▶ _Brief_
For the data below, give again exactly the lines from the one containing "To dissect out" through the one containing "The abdomen is", both ends included, and no others.

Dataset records

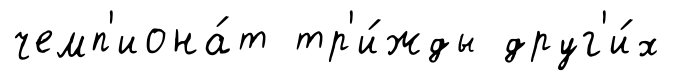
чемп'иона́т тр'и́жды друг'и́х
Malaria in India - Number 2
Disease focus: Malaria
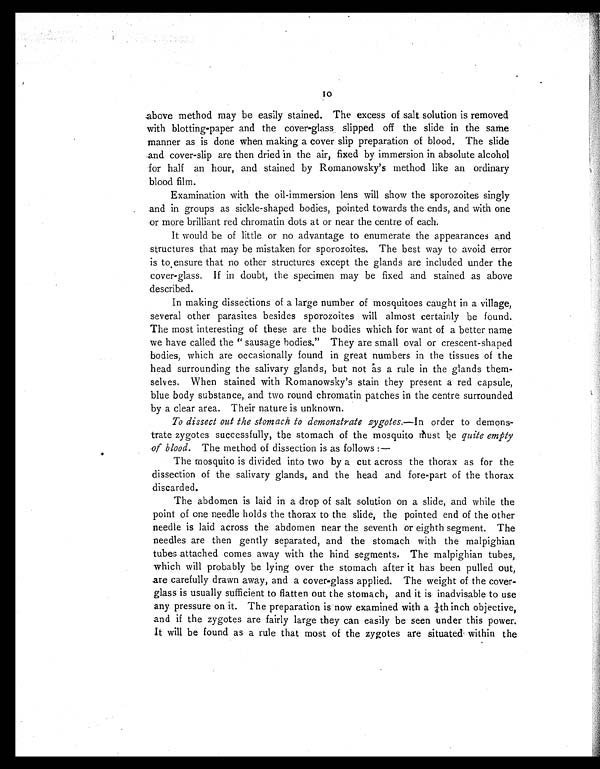
O
10
above method may be easily stained. The excess of salt solution is removed
with blotting-paper and the cover-glass slipped off the slide in the same
manner as is done when making a cover slip preparation of blood. The slide
and cover-slip are then dried in the air, fixed by immersion in absolute alcohol
for half an hour, and stained by Romanowsky's method like an ordinary
blood film.
Examination with the oil-immersion lens will show the sporozoites singly
and in groups as sickle-shaped bodies, pointed towards the ends, and with one
or more brilliant red chromatin dots at or near the centre of each.
It would be of little or no advantage to enumerate the appearances and
structures that may be mistaken for sporozoites. The best way to avoid error
is to ensure that no other structures except the glands are included under the
cover-glass. If in doubt, the specimen may be fixed and stained as above
described.
In making dissections of a large number of mosquitoes caught in a village,
several other parasites besides sporozoites will almost certainly be found.
The most interesting of these are the bodies which for want of a better name
we have called the "sausage bodies." They are small oval or crescent-shaped
bodies, which are occasionally found in great numbers in the tissues of the
head surrounding the salivary glands, but not as a rule in the glands them-
selves. When stained with Romanowsky's stain they present a red capsule,
blue body substance, and two round chromatin patches in the centre surrounded
by a clear area. Their nature is unknown.
To dissect out the stomach to demonstrate zygotes.— In order to demons-
trate zygotes successfully, the stomach of the mosquito must be quite empty
of blood. The method of dissection is as follows :—
The mosquito is divided into two by a cut across the thorax as for the
dissection of the salivary glands, and the head and fore-part of the thorax
discarded.
The abdomen is laid in a drop of salt solution on a slide, and while the
point of one needle holds the thorax to the slide, the pointed end of the other
needle is laid across the abdomen near the seventh or eighth segment. The
needles are then gently separated, and the stomach with the malpighian
tubes attached comes away with the hind segments. The malpighian tubes,
which will probably be lying over the stomach after it has been pulled out,
are carefully drawn away, and a cover-glass applied. The weight of the cover-
glass is usually sufficient to flatten out the stomach, and it is inadvisable to use
any pressure on it. The preparation is now examined with a ¼th inch objective,
and if the zygotes are fairly large they can easily be seen under this power.
It will be found as a rule that most of the zygotes are situated within the
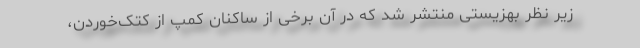
زیر نظر بهزیستی منتشر شد که در آن برخی از ساکنان کمپ از کتک‌خوردن،
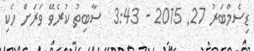
ޑިސެމްބަރު 27
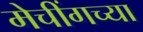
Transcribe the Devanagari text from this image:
मेचींगच्या
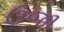
ઉજા
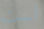
لست
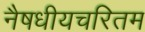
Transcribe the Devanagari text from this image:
नैषधीयचरितम
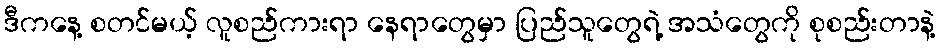
ဒီကနေ့ စတင်မယ့် လူစည်ကားရာ နေရာတွေမှာ ပြည်သူတွေရဲ့ အသံတွေကို စုစည်းတာနဲ့
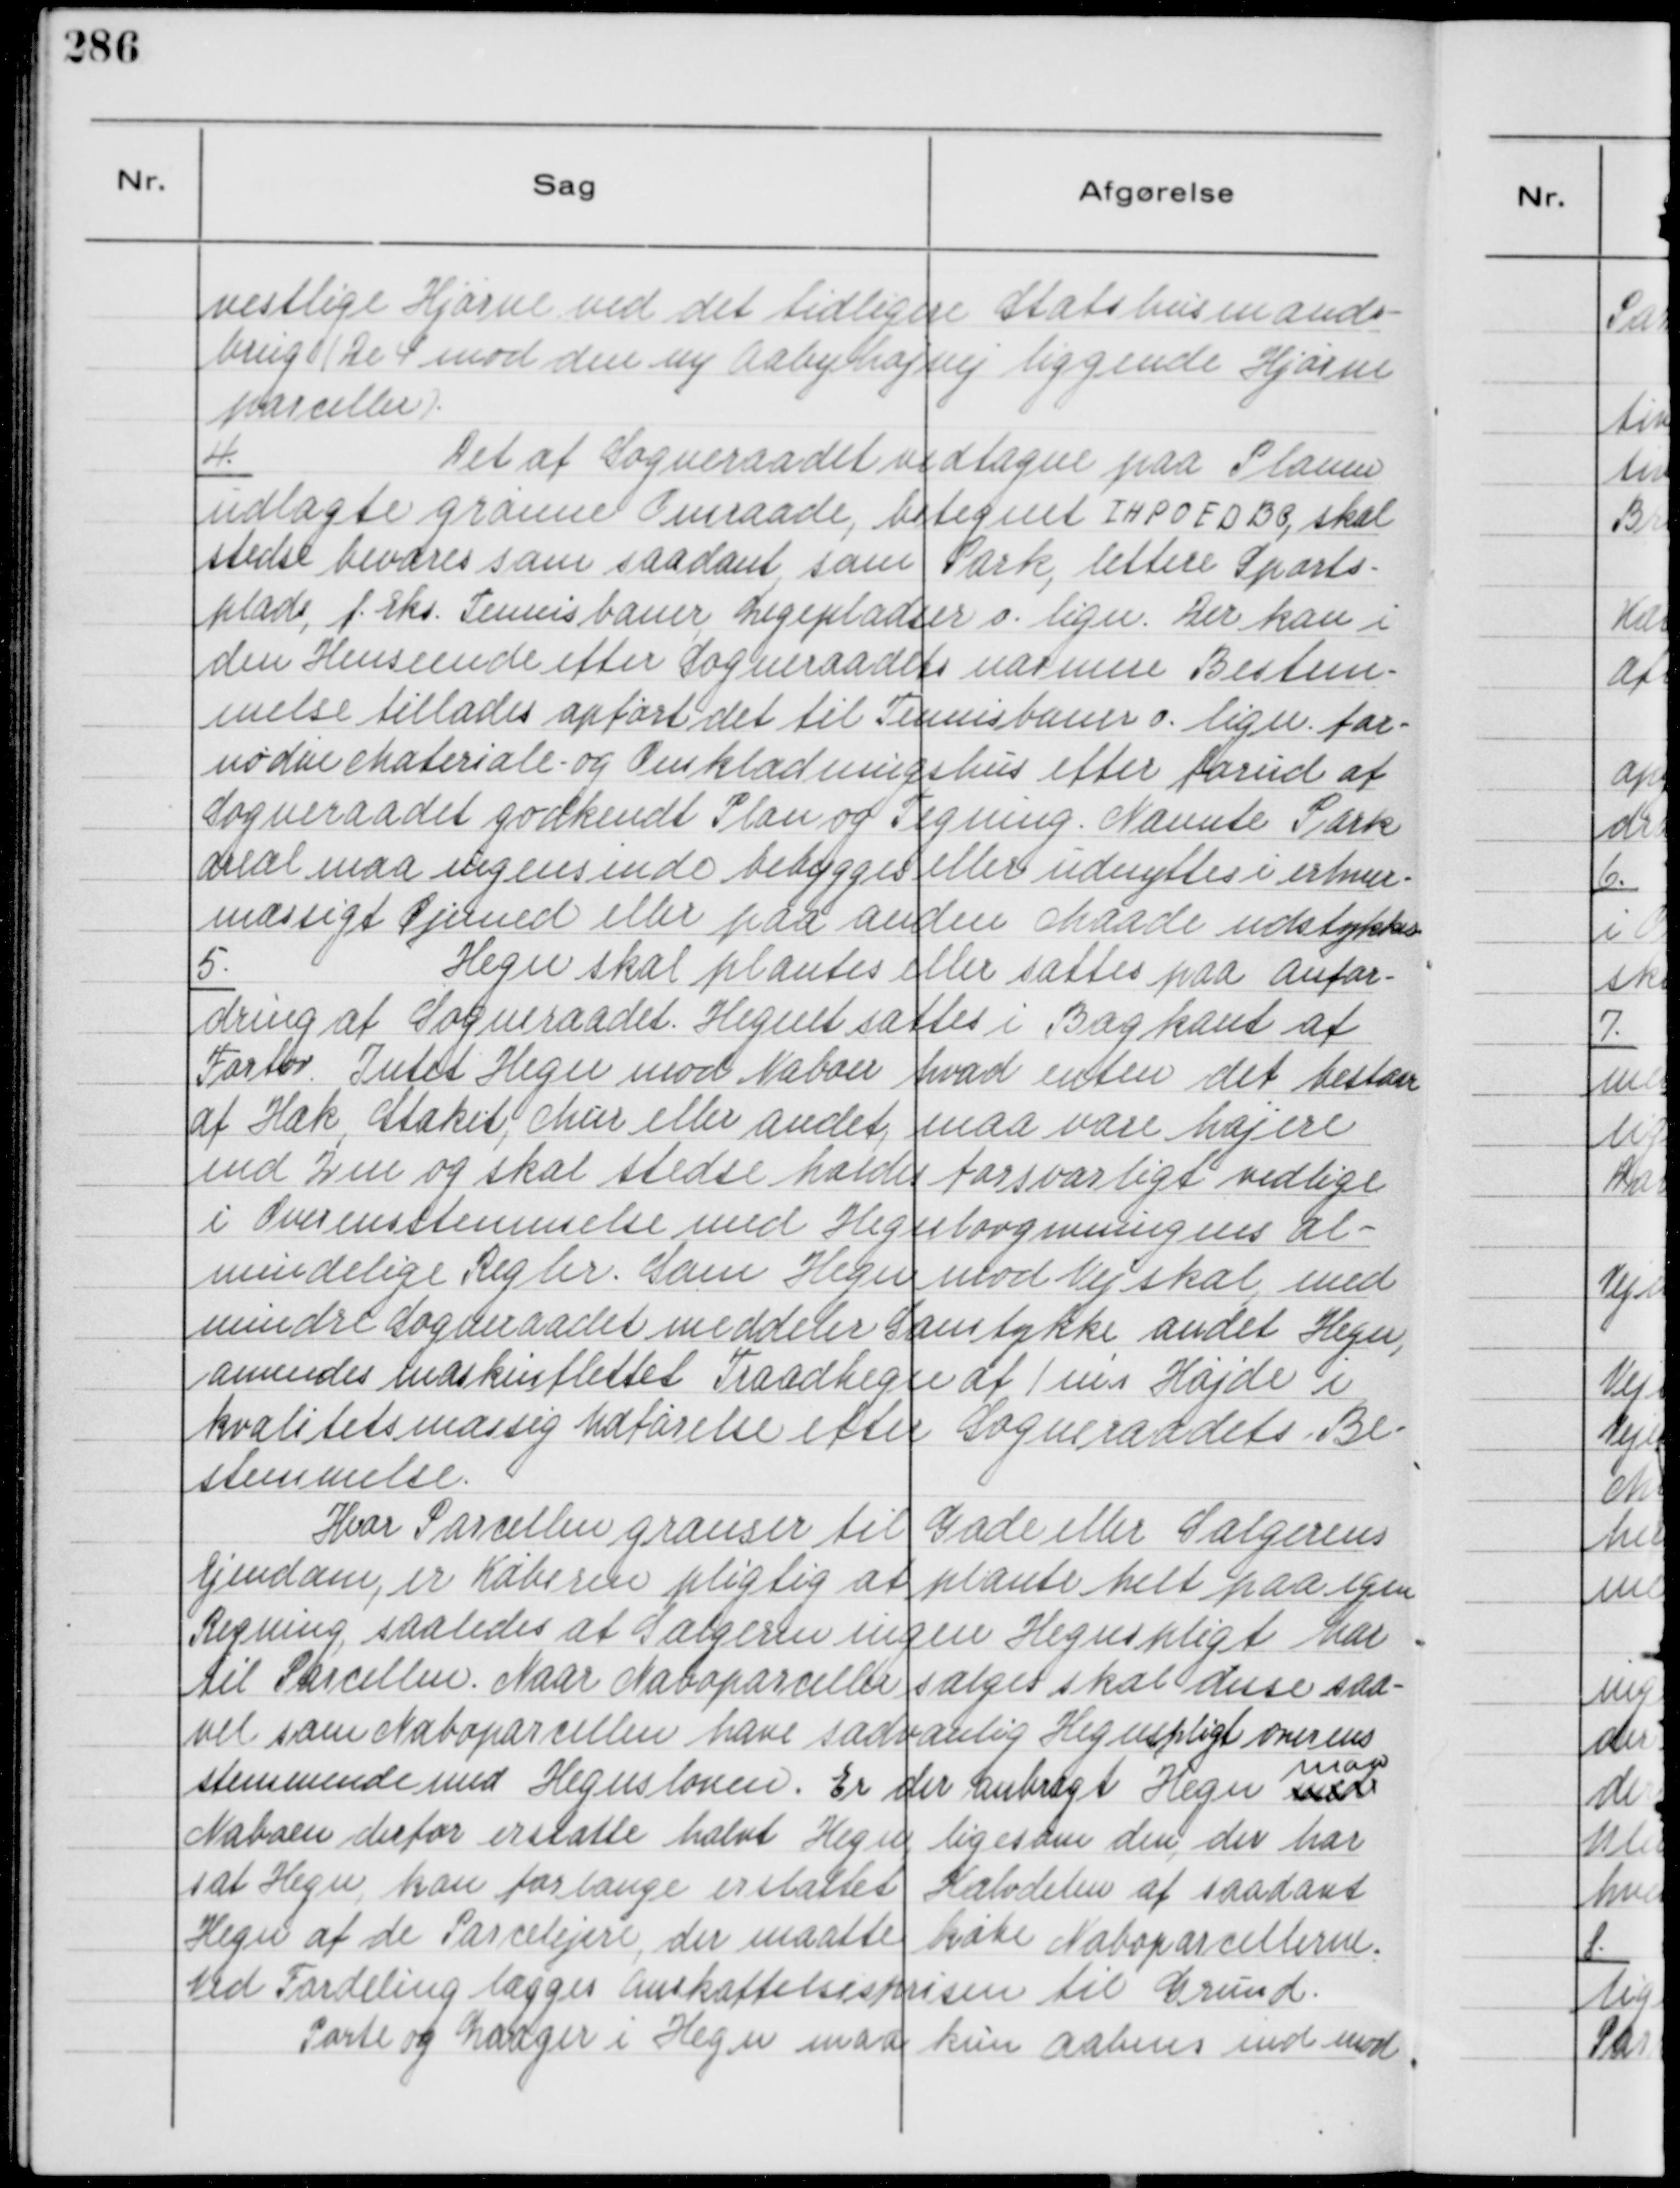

▶ _Finished task_
To dissect out the stomach to demonstrate zygotes.— In order to demons-
trate zygotes successfully, the stomach of the mosquito must be quite empty
of blood. The method of dissection is as follows :—
The mosquito is divided into two by a cut across the thorax as for the
dissection of the salivary glands, and the head and fore-part of the thorax
discarded.
The abdomen is laid in a drop of salt solution on a slide, and while the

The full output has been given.